(Records for this exercise)
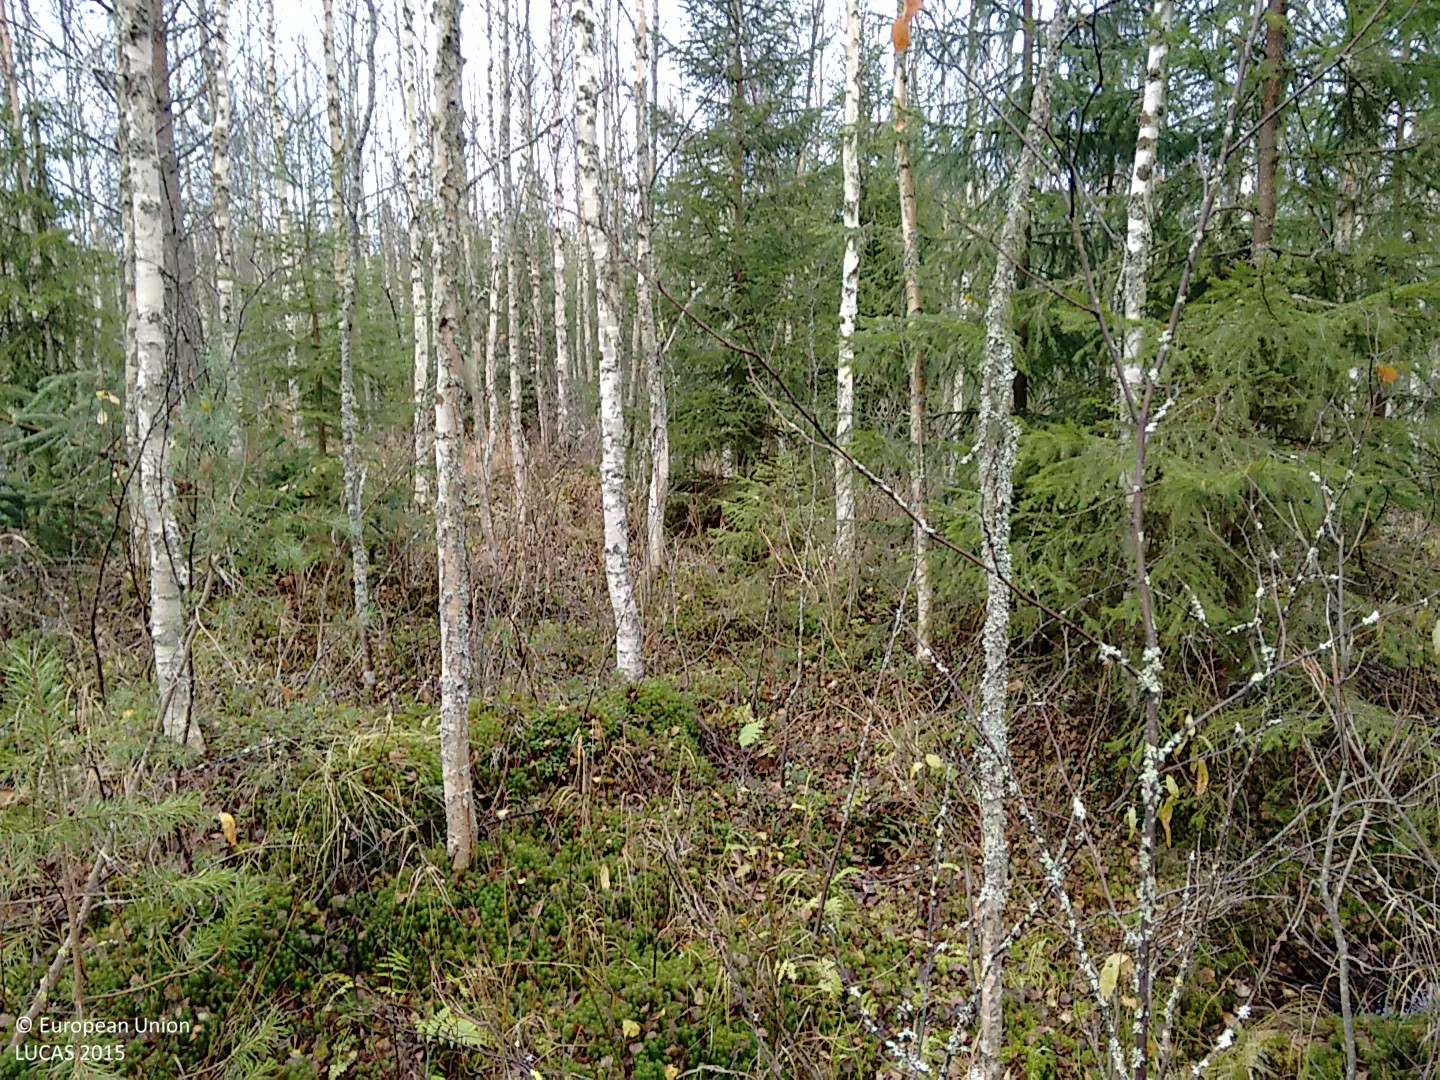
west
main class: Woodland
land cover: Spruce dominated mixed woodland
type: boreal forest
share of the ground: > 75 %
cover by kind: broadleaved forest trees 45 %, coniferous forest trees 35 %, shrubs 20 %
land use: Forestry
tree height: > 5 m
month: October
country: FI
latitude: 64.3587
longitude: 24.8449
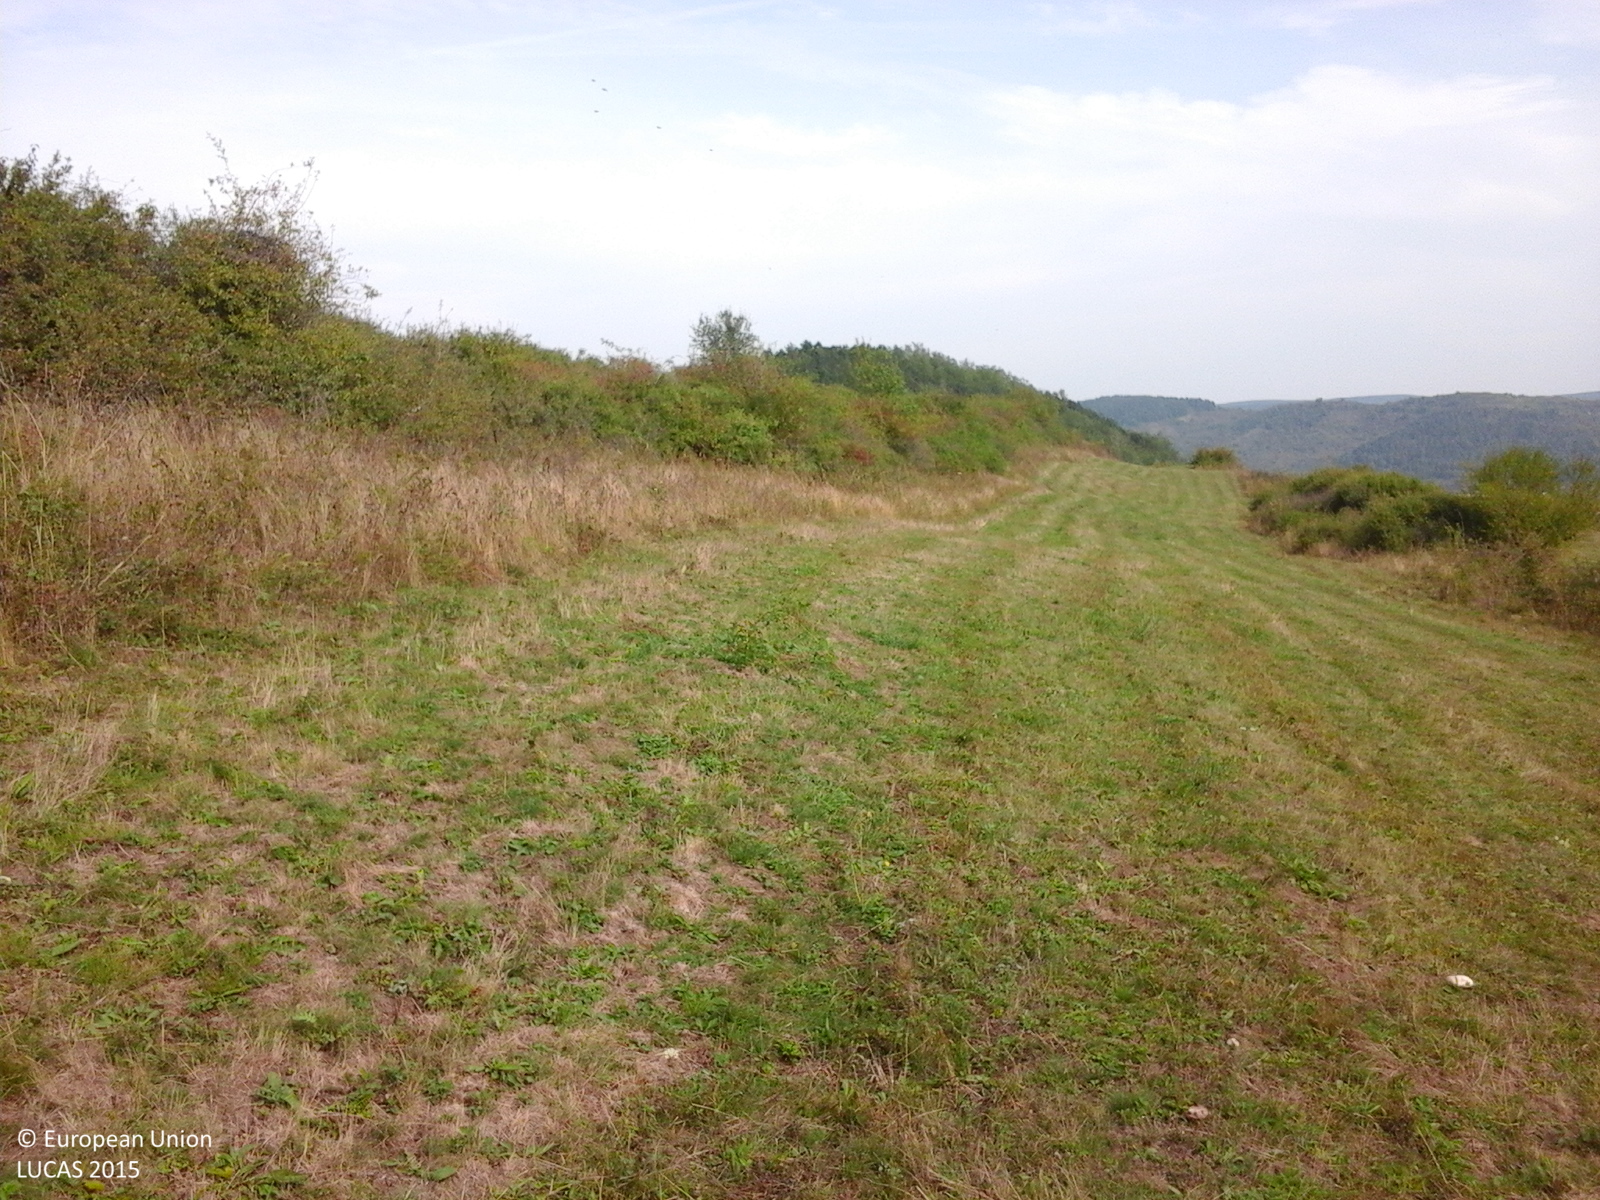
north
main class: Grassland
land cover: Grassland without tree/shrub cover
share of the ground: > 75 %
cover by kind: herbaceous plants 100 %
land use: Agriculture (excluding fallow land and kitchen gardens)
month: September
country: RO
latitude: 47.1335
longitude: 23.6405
(End Records for this exercise)
(Records for this exercise)
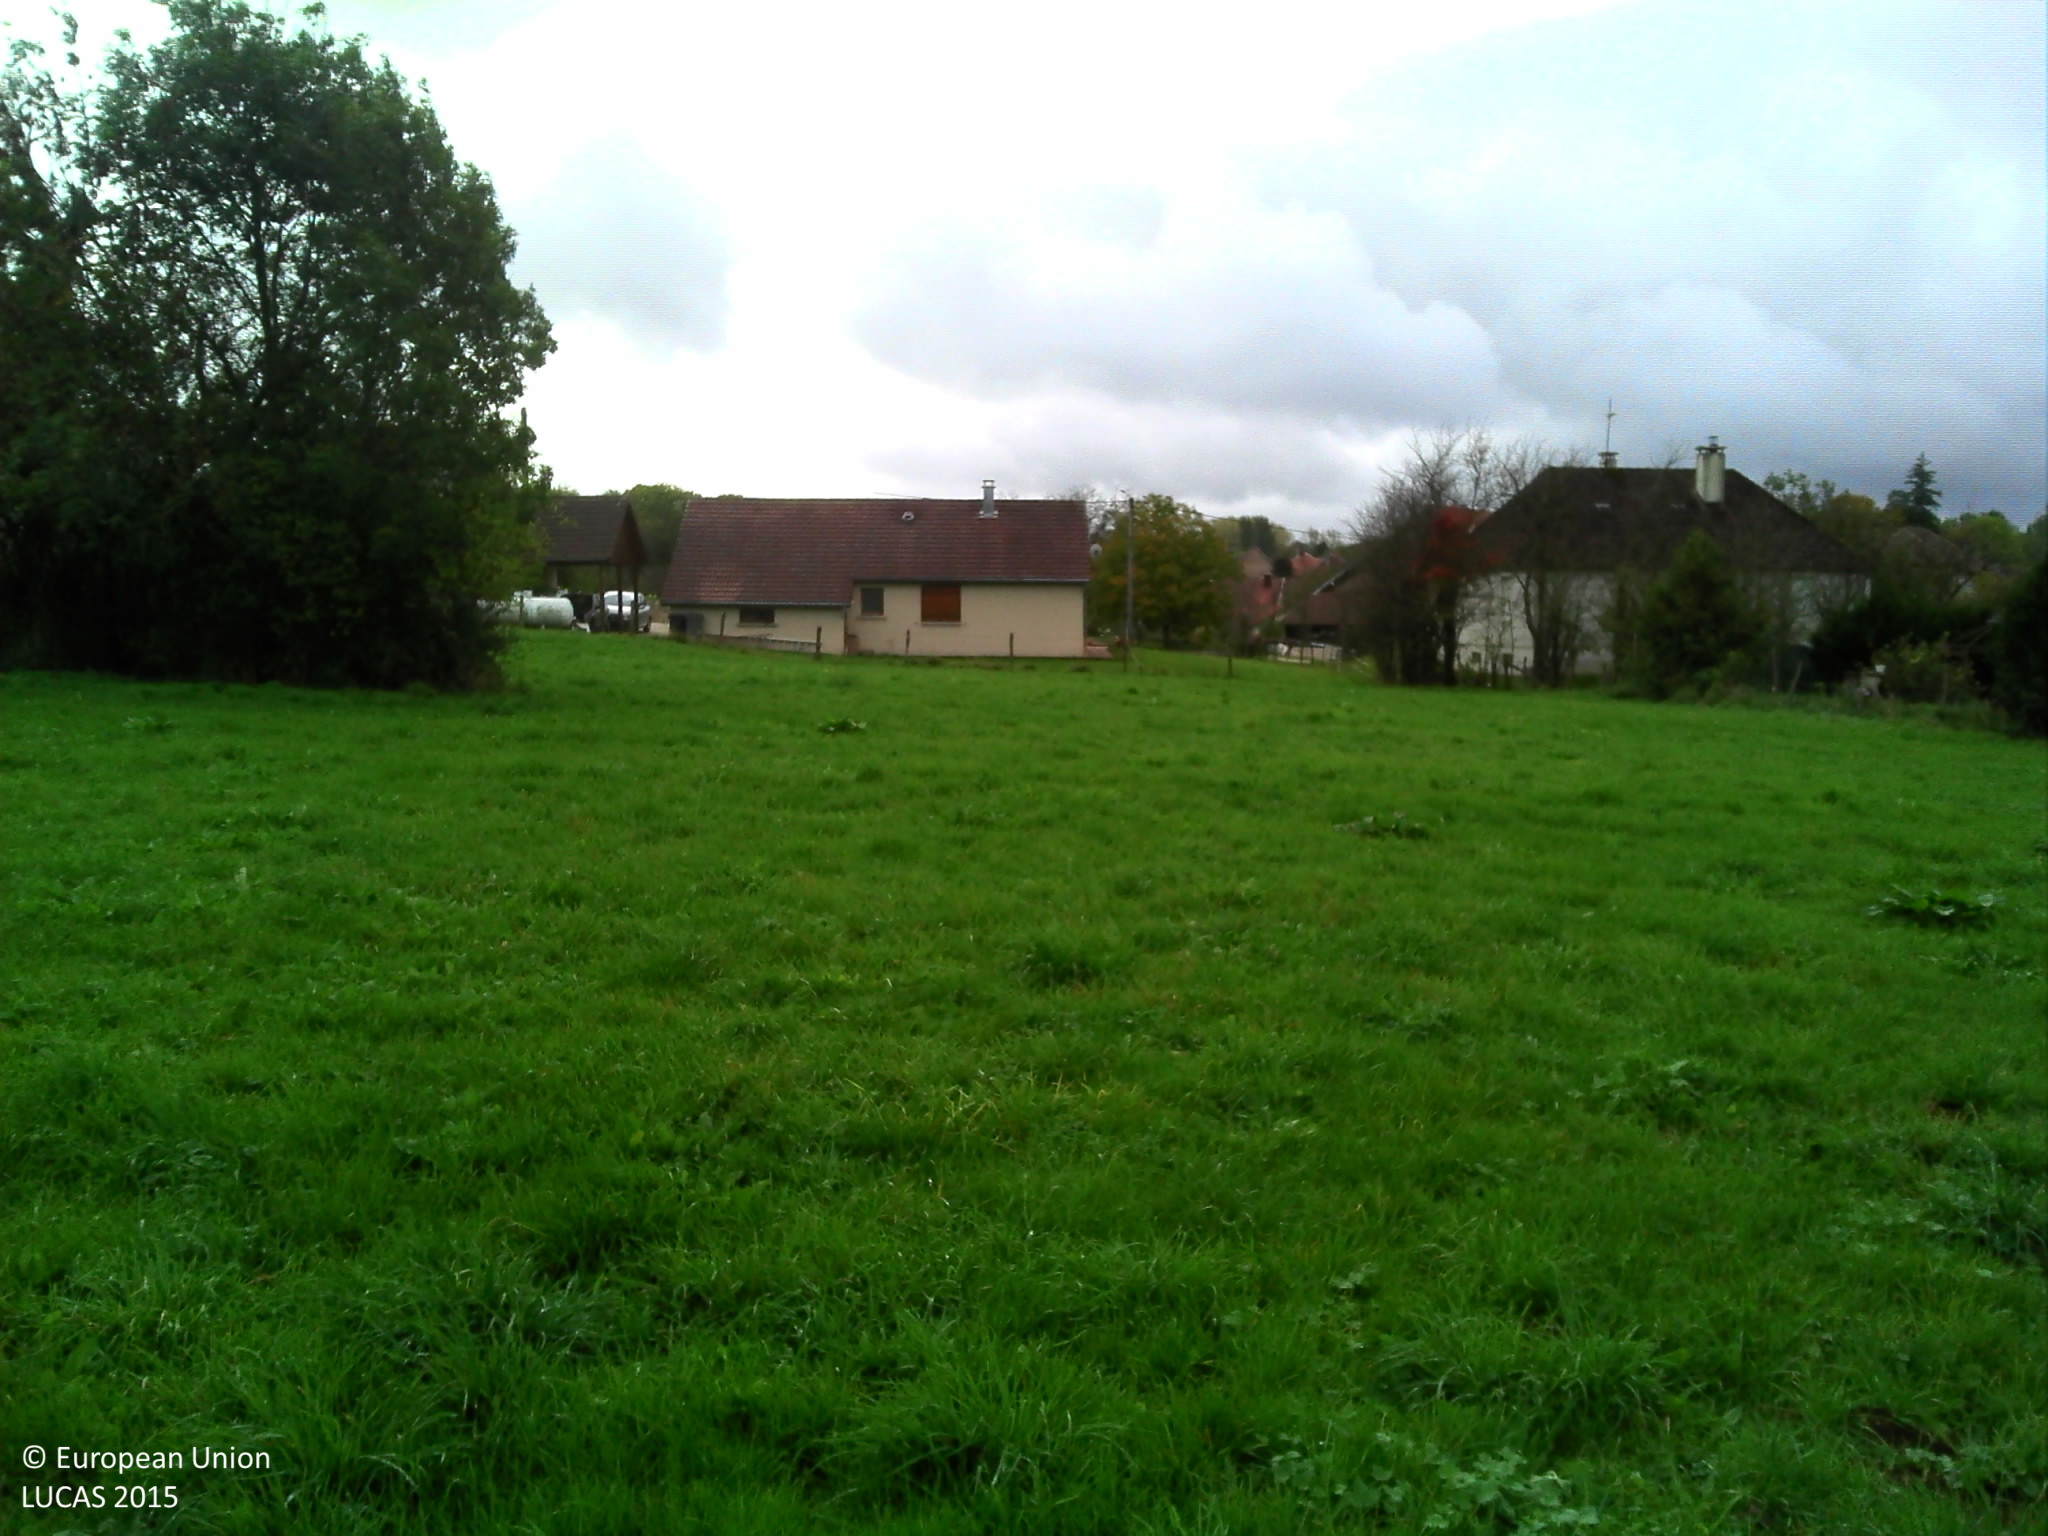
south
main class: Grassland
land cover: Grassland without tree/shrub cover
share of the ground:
(End Records for this exercise)
#### Work request
Look above for the line with "latitude: 64.3587"; quote it and every line after it, stopping after the line with "longitude: 23.6405", exactly, with nothing added and without pictures.

#### Expected answer
latitude: 64.3587
longitude: 24.8449
north
main class: Grassland
land cover: Grassland without tree/shrub cover
share of the ground: > 75 %
cover by kind: herbaceous plants 100 %
land use: Agriculture (excluding fallow land and kitchen gardens)
month: September
country: RO
latitude: 47.1335
longitude: 23.6405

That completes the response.